Les données sources seront des formulaires de déclaration de cas (CRF) sur papier.

• numéro d'identification de l'étude
• date de naissance (patiente)
• âge femme (années)
• âge masculin (ans)
• type de protocole de stimulation (protocole Antagoniste/Agoniste, protocole court/long)
• type de gonadotrophine utilisé (uFSH, rFSH, HMG, mix, Elonva)
• dose totale de gonadotrophines
• type d'insémination ovocytaire (FIV, ICSI)
• Date et heure du déclenchement
• Type et dose de médicament déclencheur
• Date et heure du prélèvement des ovules
• Date de randomisation
• groupe d'étude
• date et heure de la FIV/ICSI
• date et heure du contrôle de fécondation (bilan 2PN)
• nombre d'ovocytes fécondés (ovocytes 2PN)
• raison de la vitrification (surplus vs élective)
• date et heure de vitrification (début/fin)

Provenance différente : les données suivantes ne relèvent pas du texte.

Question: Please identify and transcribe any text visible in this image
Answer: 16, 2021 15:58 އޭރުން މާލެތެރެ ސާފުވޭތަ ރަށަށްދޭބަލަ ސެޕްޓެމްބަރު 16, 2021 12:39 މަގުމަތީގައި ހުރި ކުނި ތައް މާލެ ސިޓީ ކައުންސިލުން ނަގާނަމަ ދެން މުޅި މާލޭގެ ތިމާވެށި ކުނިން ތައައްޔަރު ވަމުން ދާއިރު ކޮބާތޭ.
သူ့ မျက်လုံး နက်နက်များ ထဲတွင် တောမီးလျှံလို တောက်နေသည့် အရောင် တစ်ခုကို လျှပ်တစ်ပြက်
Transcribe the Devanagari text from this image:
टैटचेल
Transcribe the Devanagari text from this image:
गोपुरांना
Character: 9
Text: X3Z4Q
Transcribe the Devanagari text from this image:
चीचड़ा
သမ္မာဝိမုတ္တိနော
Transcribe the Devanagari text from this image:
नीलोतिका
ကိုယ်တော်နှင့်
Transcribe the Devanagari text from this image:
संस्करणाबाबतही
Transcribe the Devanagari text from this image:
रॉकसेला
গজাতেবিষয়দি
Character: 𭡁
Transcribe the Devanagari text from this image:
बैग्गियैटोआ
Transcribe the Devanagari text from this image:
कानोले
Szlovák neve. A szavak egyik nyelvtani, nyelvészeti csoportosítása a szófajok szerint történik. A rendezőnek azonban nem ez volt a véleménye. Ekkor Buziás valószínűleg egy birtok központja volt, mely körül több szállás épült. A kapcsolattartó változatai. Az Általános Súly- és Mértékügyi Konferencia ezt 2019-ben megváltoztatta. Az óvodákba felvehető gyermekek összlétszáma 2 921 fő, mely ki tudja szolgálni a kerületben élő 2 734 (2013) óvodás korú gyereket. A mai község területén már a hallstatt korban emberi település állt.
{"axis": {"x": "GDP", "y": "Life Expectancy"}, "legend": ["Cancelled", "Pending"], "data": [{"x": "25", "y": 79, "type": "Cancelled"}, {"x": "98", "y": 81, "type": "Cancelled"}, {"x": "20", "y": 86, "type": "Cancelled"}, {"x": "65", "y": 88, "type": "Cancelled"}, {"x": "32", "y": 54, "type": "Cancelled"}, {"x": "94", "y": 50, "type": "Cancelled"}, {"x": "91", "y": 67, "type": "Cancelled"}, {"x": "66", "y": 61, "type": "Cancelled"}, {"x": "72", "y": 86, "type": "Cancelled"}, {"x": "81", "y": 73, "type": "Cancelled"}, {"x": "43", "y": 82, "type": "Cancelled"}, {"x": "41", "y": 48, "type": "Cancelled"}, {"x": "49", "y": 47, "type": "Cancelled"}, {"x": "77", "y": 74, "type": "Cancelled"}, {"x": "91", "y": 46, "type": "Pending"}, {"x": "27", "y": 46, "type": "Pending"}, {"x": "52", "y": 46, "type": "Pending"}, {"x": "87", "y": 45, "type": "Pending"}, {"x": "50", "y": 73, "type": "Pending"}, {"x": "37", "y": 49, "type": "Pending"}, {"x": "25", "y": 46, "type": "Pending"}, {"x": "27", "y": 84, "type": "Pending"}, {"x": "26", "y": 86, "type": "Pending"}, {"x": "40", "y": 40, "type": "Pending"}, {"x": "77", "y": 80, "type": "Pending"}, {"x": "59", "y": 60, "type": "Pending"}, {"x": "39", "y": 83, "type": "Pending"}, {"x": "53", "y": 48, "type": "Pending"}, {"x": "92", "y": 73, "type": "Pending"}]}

• durée de la procédure de vitrification (minutes)
• date et heure du réchauffement (début/fin)
• durée de la procédure de réchauffement (minutes)

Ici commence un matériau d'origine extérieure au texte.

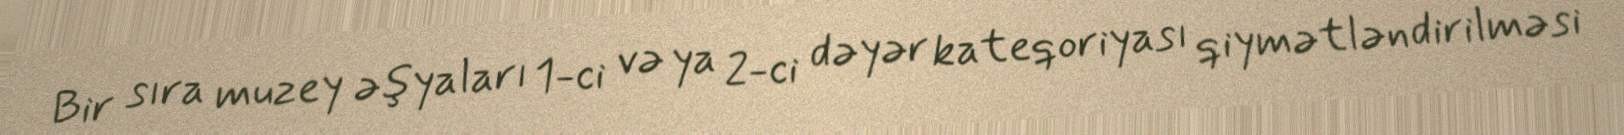
Bir sıra muzey əşyaları 1-ci və ya 2-ci dəyər kateqoriyası qiymətləndirilməsi
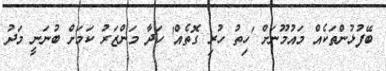
ބޭފުޅުންތަކެއް މައުމޫނަށް 'ހިތު ހުރި ގޮތެއް' ހަދާ މަންޒަރު ކަމަށް ބުނަނީ މަދު
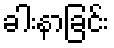
ခါးနာခြင်း
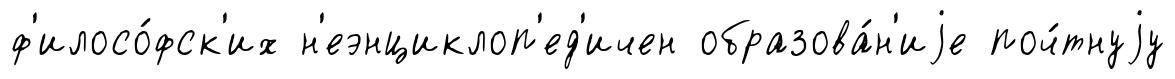
ф'илосо́фск'их н'еэнциклоп'ед'ичен образова́н'иjе поч́тнуjу
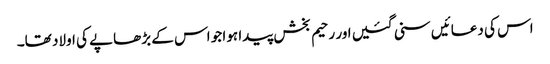
اس کی دعائیں سنی گئیں اور رحیم بخش پیدا ہوا جو اس کے بڑھاپے کی اولاد تھا۔
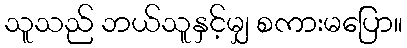
သူသည် ဘယ်သူနှင့်မျှ စကားမပြော။
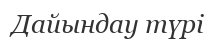
Дайындау түрi
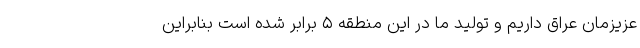
عزیزمان عراق داریم و تولید ما در این منطقه ۵ برابر شده است بنابراین
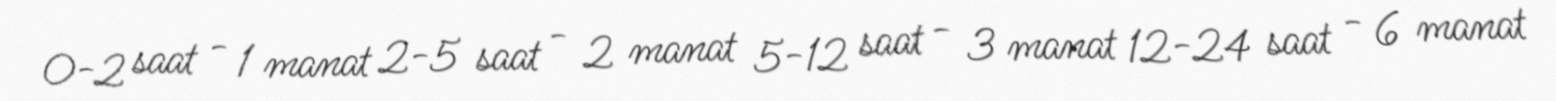
0-2 saat - 1 manat 2-5 saat - 2 manat 5-12 saat - 3 manat 12-24 saat - 6 manat
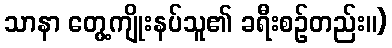
သာနာ တွေ့ကျိုးနပ်သူ၏ ခရီးစဉ်တည်း။)
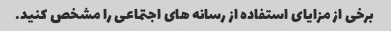
برخی از مزایای استفاده از رسانه های اجتماعی را مشخص کنید.
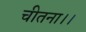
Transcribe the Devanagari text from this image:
चीतना।।
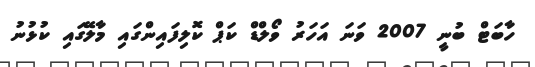
ހާބަޓް ބުނީ 2007 ވަނަ އަހަރު ވޯލްޑް ކަޕް ކޮލިފައިންގައި މާލޭގައި ކުޅުނު

• nombre d'ovocytes 2PN réchauffés
• nombre d'ovocytes 2PN vitaux
• nombre d'embryons de qualité supérieure au jour 2, au jour 3, au jour 5 et au jour 6 (selon le jour du transfert d'embryons)

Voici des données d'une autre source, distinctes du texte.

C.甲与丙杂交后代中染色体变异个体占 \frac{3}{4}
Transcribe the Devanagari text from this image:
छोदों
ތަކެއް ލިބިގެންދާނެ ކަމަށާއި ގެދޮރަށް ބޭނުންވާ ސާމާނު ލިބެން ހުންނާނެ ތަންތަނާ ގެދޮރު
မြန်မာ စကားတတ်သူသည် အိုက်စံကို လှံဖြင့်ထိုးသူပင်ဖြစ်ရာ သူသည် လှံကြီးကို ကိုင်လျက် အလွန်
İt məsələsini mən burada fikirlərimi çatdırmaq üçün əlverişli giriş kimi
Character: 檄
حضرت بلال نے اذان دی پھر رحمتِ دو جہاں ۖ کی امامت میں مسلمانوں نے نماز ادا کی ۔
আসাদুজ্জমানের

• nombre d'embryons transférés
• nombre d'embryons revitrifiés
• résultat du cycle (pas de grossesse, test hCG positif)
• déroulement de la grossesse (avortement, interruption de grossesse, jumeau disparu, etc.)
• Multiplicité (singleton, twin, triplet)
• issue de la grossesse (grossesse clinique, grossesse en cours, naissance vivante)

Des statistiques descriptives seront réalisées en analysant la médiane, la moyenne, n, l'écart type, les plages et les intervalles de confiance (IC) à 95 %. Les différences entre les bras seront résumées en différence absolue avec un IC à 95 %. Pour le critère de jugement principal, un modèle linéaire sera construit en tenant compte du groupe de traitement, du site d'étude et de la strate de randomisation exclusivement pour la population per protocole.

Pour les résultats secondaires, des analyses ITT et/ou PP seront effectuées. Aucune correction de multiplicité n'est prévue. Des tests paramétriques et non paramétriques seront utilisés pour les variables normalement distribuées et non normalement distribuées, respectivement, afin de comparer les résultats secondaires entre les groupes.

Les données du patient seront saisies dans une base de données informatique de manière pseudonymisée. La gestion et l'analyse des données seront effectuées par le chercheur principal.